I'm building the Paul Sellers workbench. I just glued up my first apron board. I'm using 2x SYP, so I'm starting out with a 1.5 inch thick apron. Of course I had to plane it approximately flat before I glued up, and I'll have to plane it again put the two glued boards in plane. After all that planing, I think I'll be a bit below 1 3/8, flirting with 1 1/4.

In Paul's video, he starts out with a very thick board. It looks 1 3/4 to me, though the cutting list says 1 5/8. With a 5/8 housing dado, that leaves Paul a full inch of wood and a strong apron. If I really am down to 1 1/4, then a 5/8 dado leaves me with only 5/8 thickness left over. Is this enough for a strong apron?

I was thinking about maybe doubling up my apron boards. Then I could make one solid, say 1 1/4 thick. Then I could make another 1 1/4 thick, then simply SAW out my housing dado and laminate that onto the solid board. Now I have a huge 2 1/2 inch thick apron with a deep 1 1/4 dado. It would be held together by a huge glue area (~890 sq in), so I wouldn't think the strength would be compromised.

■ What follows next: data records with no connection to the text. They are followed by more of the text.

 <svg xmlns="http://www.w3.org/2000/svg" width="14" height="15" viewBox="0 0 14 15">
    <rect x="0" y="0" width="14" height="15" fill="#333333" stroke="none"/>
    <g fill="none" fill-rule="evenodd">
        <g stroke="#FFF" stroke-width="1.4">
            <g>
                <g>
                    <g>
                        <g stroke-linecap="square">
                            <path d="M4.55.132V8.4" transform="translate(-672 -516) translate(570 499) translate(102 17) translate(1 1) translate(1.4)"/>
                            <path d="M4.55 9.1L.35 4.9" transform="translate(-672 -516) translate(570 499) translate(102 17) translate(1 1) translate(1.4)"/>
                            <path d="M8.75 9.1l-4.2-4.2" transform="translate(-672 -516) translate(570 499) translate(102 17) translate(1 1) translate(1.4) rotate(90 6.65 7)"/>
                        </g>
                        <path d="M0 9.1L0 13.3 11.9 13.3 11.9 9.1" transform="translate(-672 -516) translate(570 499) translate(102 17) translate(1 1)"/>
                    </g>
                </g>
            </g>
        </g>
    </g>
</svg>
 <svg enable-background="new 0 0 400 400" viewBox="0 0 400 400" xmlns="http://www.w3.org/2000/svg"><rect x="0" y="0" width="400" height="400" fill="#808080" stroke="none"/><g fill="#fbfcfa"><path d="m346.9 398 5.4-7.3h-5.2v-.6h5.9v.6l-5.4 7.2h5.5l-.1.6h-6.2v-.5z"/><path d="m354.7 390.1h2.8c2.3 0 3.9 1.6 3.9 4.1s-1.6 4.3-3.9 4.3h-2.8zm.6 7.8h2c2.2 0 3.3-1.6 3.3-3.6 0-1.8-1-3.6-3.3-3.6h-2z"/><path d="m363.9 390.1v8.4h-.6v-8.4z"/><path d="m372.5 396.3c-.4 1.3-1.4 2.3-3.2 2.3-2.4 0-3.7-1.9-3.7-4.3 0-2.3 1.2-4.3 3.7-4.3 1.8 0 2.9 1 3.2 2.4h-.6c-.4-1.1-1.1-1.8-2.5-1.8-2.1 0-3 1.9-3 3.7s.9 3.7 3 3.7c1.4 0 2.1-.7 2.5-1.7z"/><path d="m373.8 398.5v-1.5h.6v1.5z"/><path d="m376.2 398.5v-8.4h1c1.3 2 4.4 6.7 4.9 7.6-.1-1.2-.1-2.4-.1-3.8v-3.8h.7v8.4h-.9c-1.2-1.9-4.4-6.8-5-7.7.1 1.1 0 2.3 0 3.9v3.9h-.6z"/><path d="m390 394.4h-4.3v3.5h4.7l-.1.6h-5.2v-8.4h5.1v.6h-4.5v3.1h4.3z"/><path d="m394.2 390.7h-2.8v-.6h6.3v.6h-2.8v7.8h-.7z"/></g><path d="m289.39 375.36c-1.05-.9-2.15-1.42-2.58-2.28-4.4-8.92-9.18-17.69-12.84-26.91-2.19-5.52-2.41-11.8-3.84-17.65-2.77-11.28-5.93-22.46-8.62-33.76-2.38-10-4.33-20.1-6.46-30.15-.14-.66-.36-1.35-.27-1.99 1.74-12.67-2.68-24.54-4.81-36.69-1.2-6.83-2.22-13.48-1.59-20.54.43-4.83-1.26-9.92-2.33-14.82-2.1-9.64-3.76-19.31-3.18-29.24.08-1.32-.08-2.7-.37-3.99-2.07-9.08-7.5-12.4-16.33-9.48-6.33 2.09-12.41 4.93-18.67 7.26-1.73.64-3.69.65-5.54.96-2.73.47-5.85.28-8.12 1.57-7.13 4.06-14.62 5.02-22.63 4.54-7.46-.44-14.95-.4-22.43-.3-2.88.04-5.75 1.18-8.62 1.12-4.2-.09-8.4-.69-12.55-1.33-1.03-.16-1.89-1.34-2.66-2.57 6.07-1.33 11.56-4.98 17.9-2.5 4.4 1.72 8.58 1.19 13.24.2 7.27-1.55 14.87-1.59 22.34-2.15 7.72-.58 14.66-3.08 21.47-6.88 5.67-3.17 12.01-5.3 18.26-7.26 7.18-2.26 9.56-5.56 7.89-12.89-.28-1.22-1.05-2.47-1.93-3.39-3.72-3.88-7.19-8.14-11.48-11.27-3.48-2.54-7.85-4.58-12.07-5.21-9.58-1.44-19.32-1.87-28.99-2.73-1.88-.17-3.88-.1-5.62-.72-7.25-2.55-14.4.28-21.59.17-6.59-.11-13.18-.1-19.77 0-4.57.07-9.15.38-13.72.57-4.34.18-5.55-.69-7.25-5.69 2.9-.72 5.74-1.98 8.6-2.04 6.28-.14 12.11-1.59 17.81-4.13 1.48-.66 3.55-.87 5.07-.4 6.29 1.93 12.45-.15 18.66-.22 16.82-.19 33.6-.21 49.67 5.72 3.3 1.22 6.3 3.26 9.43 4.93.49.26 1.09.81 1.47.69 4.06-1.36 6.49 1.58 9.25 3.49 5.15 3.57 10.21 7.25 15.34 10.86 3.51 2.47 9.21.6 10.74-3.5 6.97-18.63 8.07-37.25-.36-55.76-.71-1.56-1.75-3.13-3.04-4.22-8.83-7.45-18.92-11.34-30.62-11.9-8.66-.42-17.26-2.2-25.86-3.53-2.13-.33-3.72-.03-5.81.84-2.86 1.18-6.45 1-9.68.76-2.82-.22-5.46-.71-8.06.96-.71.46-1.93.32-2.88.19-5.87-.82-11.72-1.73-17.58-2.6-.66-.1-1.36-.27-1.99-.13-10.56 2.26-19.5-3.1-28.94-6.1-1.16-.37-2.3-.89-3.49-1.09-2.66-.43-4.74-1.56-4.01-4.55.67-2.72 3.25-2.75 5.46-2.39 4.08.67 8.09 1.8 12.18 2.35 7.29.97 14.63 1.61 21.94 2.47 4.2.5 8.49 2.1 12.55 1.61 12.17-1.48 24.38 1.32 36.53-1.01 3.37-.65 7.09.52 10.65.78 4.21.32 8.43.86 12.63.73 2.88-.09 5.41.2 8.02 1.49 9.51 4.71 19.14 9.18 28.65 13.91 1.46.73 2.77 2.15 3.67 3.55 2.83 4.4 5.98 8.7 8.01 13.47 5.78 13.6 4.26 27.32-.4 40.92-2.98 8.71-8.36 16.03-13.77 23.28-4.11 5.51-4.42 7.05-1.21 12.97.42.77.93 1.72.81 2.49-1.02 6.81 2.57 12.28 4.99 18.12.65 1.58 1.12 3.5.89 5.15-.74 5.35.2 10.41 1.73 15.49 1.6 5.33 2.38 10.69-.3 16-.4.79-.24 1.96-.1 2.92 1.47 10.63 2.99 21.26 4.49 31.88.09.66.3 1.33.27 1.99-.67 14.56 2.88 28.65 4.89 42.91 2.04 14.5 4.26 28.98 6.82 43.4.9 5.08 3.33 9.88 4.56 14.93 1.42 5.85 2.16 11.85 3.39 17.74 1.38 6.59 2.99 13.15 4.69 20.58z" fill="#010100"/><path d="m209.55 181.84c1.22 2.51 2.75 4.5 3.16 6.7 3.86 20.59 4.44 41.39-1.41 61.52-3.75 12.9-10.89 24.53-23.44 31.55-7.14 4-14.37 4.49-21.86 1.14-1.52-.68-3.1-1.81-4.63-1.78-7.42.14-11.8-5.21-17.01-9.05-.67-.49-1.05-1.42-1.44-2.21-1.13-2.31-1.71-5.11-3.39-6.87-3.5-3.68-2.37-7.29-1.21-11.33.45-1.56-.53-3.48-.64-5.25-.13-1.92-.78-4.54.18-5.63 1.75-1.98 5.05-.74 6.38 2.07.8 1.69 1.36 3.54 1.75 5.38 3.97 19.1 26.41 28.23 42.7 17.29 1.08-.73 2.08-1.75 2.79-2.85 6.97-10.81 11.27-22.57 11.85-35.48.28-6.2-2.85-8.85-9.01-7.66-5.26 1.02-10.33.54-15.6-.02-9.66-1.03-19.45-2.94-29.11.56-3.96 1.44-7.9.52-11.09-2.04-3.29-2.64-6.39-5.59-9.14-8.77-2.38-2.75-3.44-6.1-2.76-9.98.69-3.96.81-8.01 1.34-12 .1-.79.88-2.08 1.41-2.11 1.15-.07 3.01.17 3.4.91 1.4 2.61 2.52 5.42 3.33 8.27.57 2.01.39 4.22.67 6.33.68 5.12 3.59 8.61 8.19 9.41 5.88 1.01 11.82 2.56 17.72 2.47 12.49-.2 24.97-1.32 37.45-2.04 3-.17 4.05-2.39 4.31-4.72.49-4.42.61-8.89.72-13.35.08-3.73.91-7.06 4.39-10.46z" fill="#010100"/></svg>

Is this overkill? Is there some reason that this is a bad idea?


----------



## Sylvain (Jul 23, 2011)

I would think 5/8 thickness where the dado is, is good enough and the rest will still be 1 1/4. The apron's purpose is to stop left-right raking.

Why so much planning?
I would not have done it before gluing.
It is a workbench, it doesn't have to be planed to furniture grade 
Certainly not the inside face that will not be seen by anyone.

Of course if you intend to use holdfast in the apron, you could double it on the all surface of the (front) apron.
Use plenty of screws to clamp boards together , remove when the glue is dry.

edit: the apron on mine is only 1 1/8 thick, (3/4 where the dado is which gives a 3/8 dado) . The workbench is rock solid.
So there is some flexibility in the dimensions.


----------



## Malone (Sep 15, 2012)

I'm very new to hand-tool woodworking, so I probably over-planed due to inefficient technique and also due to the fact that one of my boards developed a little bit of twist after the initial planing, so I went back and took a little more off to correct that.

Thanks a lot, Sylvain, for your helpful input. It makes me feel a lot more confident as I proceed.


----------



## SMP (Aug 29, 2018)

I believe in europe a lot of their sizes are different, so 2x in UK is thicker than ours.

I think that 5/8 at the joint will be fine. Like mentioned as long as that apron keeps it from racking and still has the weight to not move around on you it will be fine. The benefit of thicker wood on hand tool benches is just the mass of keeping it in place. Paul doesn't use his apron like a lot of traditional woodworkers do, he actually puts a drawer in it etc. If you do decide to use holdfasts and its to thin you can just glue a scrap behind and drill the hole through both pieces.


----------